[PROBLEM DETAILS] Look below for the line holding "#116 = AXIS2_PLACEMENT_3D('',#117,#118,#119);" and the line holding "#174 = LINE('',#175,#176);". Transcribe exactly those lines and all lines between them, nothing more.

[STUDY MATERIAL]

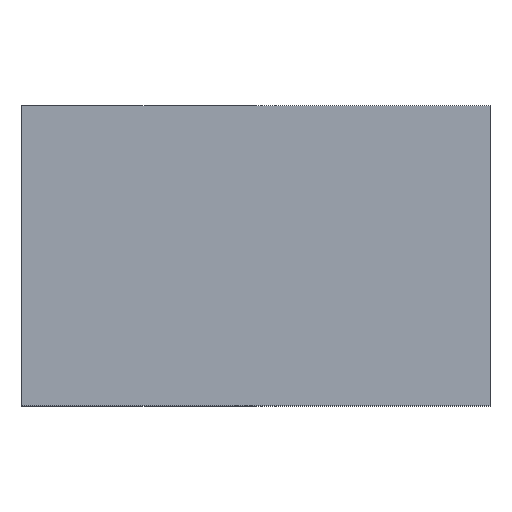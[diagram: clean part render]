
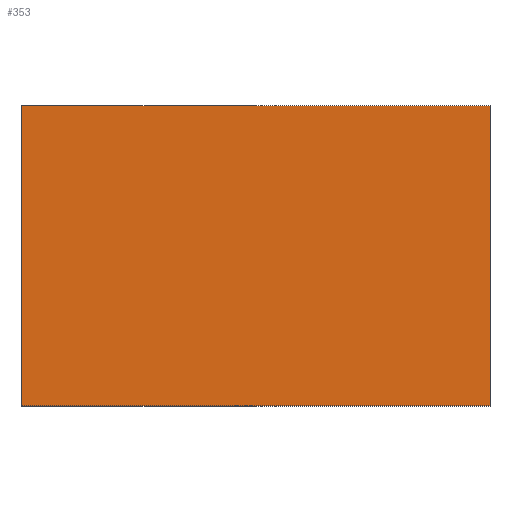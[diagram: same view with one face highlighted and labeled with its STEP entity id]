
A CAD part, top view. The second image highlights one B-rep face of the part: STEP entity #353.
In plain terms, the highlighted planar face has unit normal (0, 0, 1).
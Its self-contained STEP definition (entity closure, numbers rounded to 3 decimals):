
#39 = VERTEX_POINT('',#40);
#40 = CARTESIAN_POINT('',(-3.32,5.5,10.6));
#47 = PLANE('',#48);
#48 = AXIS2_PLACEMENT_3D('',#49,#50,#51);
#49 = CARTESIAN_POINT('',(-3.32,5.5,0.));
#50 = DIRECTION('',(0.,1.,0.));
#51 = DIRECTION('',(1.,0.,0.));
#59 = PLANE('',#60);
#60 = AXIS2_PLACEMENT_3D('',#61,#62,#63);
#61 = CARTESIAN_POINT('',(-3.32,-2.,0.));
#62 = DIRECTION('',(-1.,0.,0.));
#63 = DIRECTION('',(0.,1.,0.));
#71 = EDGE_CURVE('',#39,#72,#74,.T.);
#72 = VERTEX_POINT('',#73);
#73 = CARTESIAN_POINT('',(8.38,5.5,10.6));
#74 = SURFACE_CURVE('',#75,(#79,#86),.PCURVE_S1.);
#75 = LINE('',#76,#77);
#76 = CARTESIAN_POINT('',(-3.32,5.5,10.6));
#77 = VECTOR('',#78,1.);
#78 = DIRECTION('',(1.,0.,0.));
#79 = PCURVE('',#47,#80);
#80 = DEFINITIONAL_REPRESENTATION('',(#81),#85);
#81 = LINE('',#82,#83);
#82 = CARTESIAN_POINT('',(0.,-10.6));
#83 = VECTOR('',#84,1.);
#84 = DIRECTION('',(1.,0.));
#85 = ( GEOMETRIC_REPRESENTATION_CONTEXT(2) 
PARAMETRIC_REPRESENTATION_CONTEXT() REPRESENTATION_CONTEXT('2D SPACE',''
  ) );
#86 = PCURVE('',#87,#92);
#87 = PLANE('',#88);
#88 = AXIS2_PLACEMENT_3D('',#89,#90,#91);
#89 = CARTESIAN_POINT('',(2.53,1.75,10.6));
#90 = DIRECTION('',(0.,0.,-1.));
#91 = DIRECTION('',(-1.,0.,0.));
#92 = DEFINITIONAL_REPRESENTATION('',(#93),#97);
#93 = LINE('',#94,#95);
#94 = CARTESIAN_POINT('',(5.85,3.75));
#95 = VECTOR('',#96,1.);
#96 = DIRECTION('',(-1.,0.));
#97 = ( GEOMETRIC_REPRESENTATION_CONTEXT(2) 
PARAMETRIC_REPRESENTATION_CONTEXT() REPRESENTATION_CONTEXT('2D SPACE',''
  ) );
#115 = PLANE('',#116);
#116 = AXIS2_PLACEMENT_3D('',#117,#118,#119);
#117 = CARTESIAN_POINT('',(8.38,5.5,0.));
#118 = DIRECTION('',(1.,0.,-0.));
#119 = DIRECTION('',(0.,-1.,0.));
#157 = EDGE_CURVE('',#72,#158,#160,.T.);
#158 = VERTEX_POINT('',#159);
#159 = CARTESIAN_POINT('',(8.38,-2.,10.6));
#160 = SURFACE_CURVE('',#161,(#165,#172),.PCURVE_S1.);
#161 = LINE('',#162,#163);
#162 = CARTESIAN_POINT('',(8.38,5.5,10.6));
#163 = VECTOR('',#164,1.);
#164 = DIRECTION('',(0.,-1.,0.));
#165 = PCURVE('',#115,#166);
#166 = DEFINITIONAL_REPRESENTATION('',(#167),#171);
#167 = LINE('',#168,#169);
#168 = CARTESIAN_POINT('',(0.,-10.6));
#169 = VECTOR('',#170,1.);
#170 = DIRECTION('',(1.,0.));
#171 = ( GEOMETRIC_REPRESENTATION_CONTEXT(2) 
PARAMETRIC_REPRESENTATION_CONTEXT() REPRESENTATION_CONTEXT('2D SPACE',''
  ) );
#172 = PCURVE('',#87,#173);
#173 = DEFINITIONAL_REPRESENTATION('',(#174),#178);
#174 = LINE('',#175,#176);
#175 = CARTESIAN_POINT('',(-5.85,3.75));
#176 = VECTOR('',#177,1.);
#177 = DIRECTION('',(0.,-1.));
#178 = ( GEOMETRIC_REPRESENTATION_CONTEXT(2) 
PARAMETRIC_REPRESENTATION_CONTEXT() REPRESENTATION_CONTEXT('2D SPACE',''
  ) );
#196 = PLANE('',#197);
#197 = AXIS2_PLACEMENT_3D('',#198,#199,#200);
#198 = CARTESIAN_POINT('',(8.38,-2.,0.));
#199 = DIRECTION('',(0.,-1.,0.));
#200 = DIRECTION('',(-1.,0.,0.));
#233 = EDGE_CURVE('',#158,#234,#236,.T.);
#234 = VERTEX_POINT('',#235);
#235 = CARTESIAN_POINT('',(-3.32,-2.,10.6));
#236 = SURFACE_CURVE('',#237,(#241,#248),.PCURVE_S1.);
#237 = LINE('',#238,#239);
#238 = CARTESIAN_POINT('',(8.38,-2.,10.6));
#239 = VECTOR('',#240,1.);
#240 = DIRECTION('',(-1.,0.,0.));
#241 = PCURVE('',#196,#242);
#242 = DEFINITIONAL_REPRESENTATION('',(#243),#247);
#243 = LINE('',#244,#245);
#244 = CARTESIAN_POINT('',(0.,-10.6));
#245 = VECTOR('',#246,1.);
#246 = DIRECTION('',(1.,0.));
#247 = ( GEOMETRIC_REPRESENTATION_CONTEXT(2) 
PARAMETRIC_REPRESENTATION_CONTEXT() REPRESENTATION_CONTEXT('2D SPACE',''
  ) );
#248 = PCURVE('',#87,#249);
#249 = DEFINITIONAL_REPRESENTATION('',(#250),#254);
#250 = LINE('',#251,#252);
#251 = CARTESIAN_POINT('',(-5.85,-3.75));
#252 = VECTOR('',#253,1.);
#253 = DIRECTION('',(1.,0.));
#254 = ( GEOMETRIC_REPRESENTATION_CONTEXT(2) 
PARAMETRIC_REPRESENTATION_CONTEXT() REPRESENTATION_CONTEXT('2D SPACE',''
  ) );
#304 = EDGE_CURVE('',#234,#39,#305,.T.);
#305 = SURFACE_CURVE('',#306,(#310,#317),.PCURVE_S1.);
#306 = LINE('',#307,#308);
#307 = CARTESIAN_POINT('',(-3.32,-2.,10.6));
#308 = VECTOR('',#309,1.);
#309 = DIRECTION('',(0.,1.,0.));
#310 = PCURVE('',#59,#311);
#311 = DEFINITIONAL_REPRESENTATION('',(#312),#316);
#312 = LINE('',#313,#314);
#313 = CARTESIAN_POINT('',(0.,-10.6));
#314 = VECTOR('',#315,1.);
#315 = DIRECTION('',(1.,0.));
#316 = ( GEOMETRIC_REPRESENTATION_CONTEXT(2) 
PARAMETRIC_REPRESENTATION_CONTEXT() REPRESENTATION_CONTEXT('2D SPACE',''
  ) );
#317 = PCURVE('',#87,#318);
#318 = DEFINITIONAL_REPRESENTATION('',(#319),#323);
#319 = LINE('',#320,#321);
#320 = CARTESIAN_POINT('',(5.85,-3.75));
#321 = VECTOR('',#322,1.);
#322 = DIRECTION('',(0.,1.));
#323 = ( GEOMETRIC_REPRESENTATION_CONTEXT(2) 
PARAMETRIC_REPRESENTATION_CONTEXT() REPRESENTATION_CONTEXT('2D SPACE',''
  ) );
#353 = ADVANCED_FACE('',(#354),#87,.F.);
#354 = FACE_BOUND('',#355,.F.);
#355 = EDGE_LOOP('',(#356,#357,#358,#359));
#356 = ORIENTED_EDGE('',*,*,#71,.T.);
#357 = ORIENTED_EDGE('',*,*,#157,.T.);
#358 = ORIENTED_EDGE('',*,*,#233,.T.);
#359 = ORIENTED_EDGE('',*,*,#304,.T.);

[OUTPUT]
#116 = AXIS2_PLACEMENT_3D('',#117,#118,#119);
#117 = CARTESIAN_POINT('',(8.38,5.5,0.));
#118 = DIRECTION('',(1.,0.,-0.));
#119 = DIRECTION('',(0.,-1.,0.));
#157 = EDGE_CURVE('',#72,#158,#160,.T.);
#158 = VERTEX_POINT('',#159);
#159 = CARTESIAN_POINT('',(8.38,-2.,10.6));
#160 = SURFACE_CURVE('',#161,(#165,#172),.PCURVE_S1.);
#161 = LINE('',#162,#163);
#162 = CARTESIAN_POINT('',(8.38,5.5,10.6));
#163 = VECTOR('',#164,1.);
#164 = DIRECTION('',(0.,-1.,0.));
#165 = PCURVE('',#115,#166);
#166 = DEFINITIONAL_REPRESENTATION('',(#167),#171);
#167 = LINE('',#168,#169);
#168 = CARTESIAN_POINT('',(0.,-10.6));
#169 = VECTOR('',#170,1.);
#170 = DIRECTION('',(1.,0.));
#171 = ( GEOMETRIC_REPRESENTATION_CONTEXT(2) 
PARAMETRIC_REPRESENTATION_CONTEXT() REPRESENTATION_CONTEXT('2D SPACE',''
  ) );
#172 = PCURVE('',#87,#173);
#173 = DEFINITIONAL_REPRESENTATION('',(#174),#178);
#174 = LINE('',#175,#176);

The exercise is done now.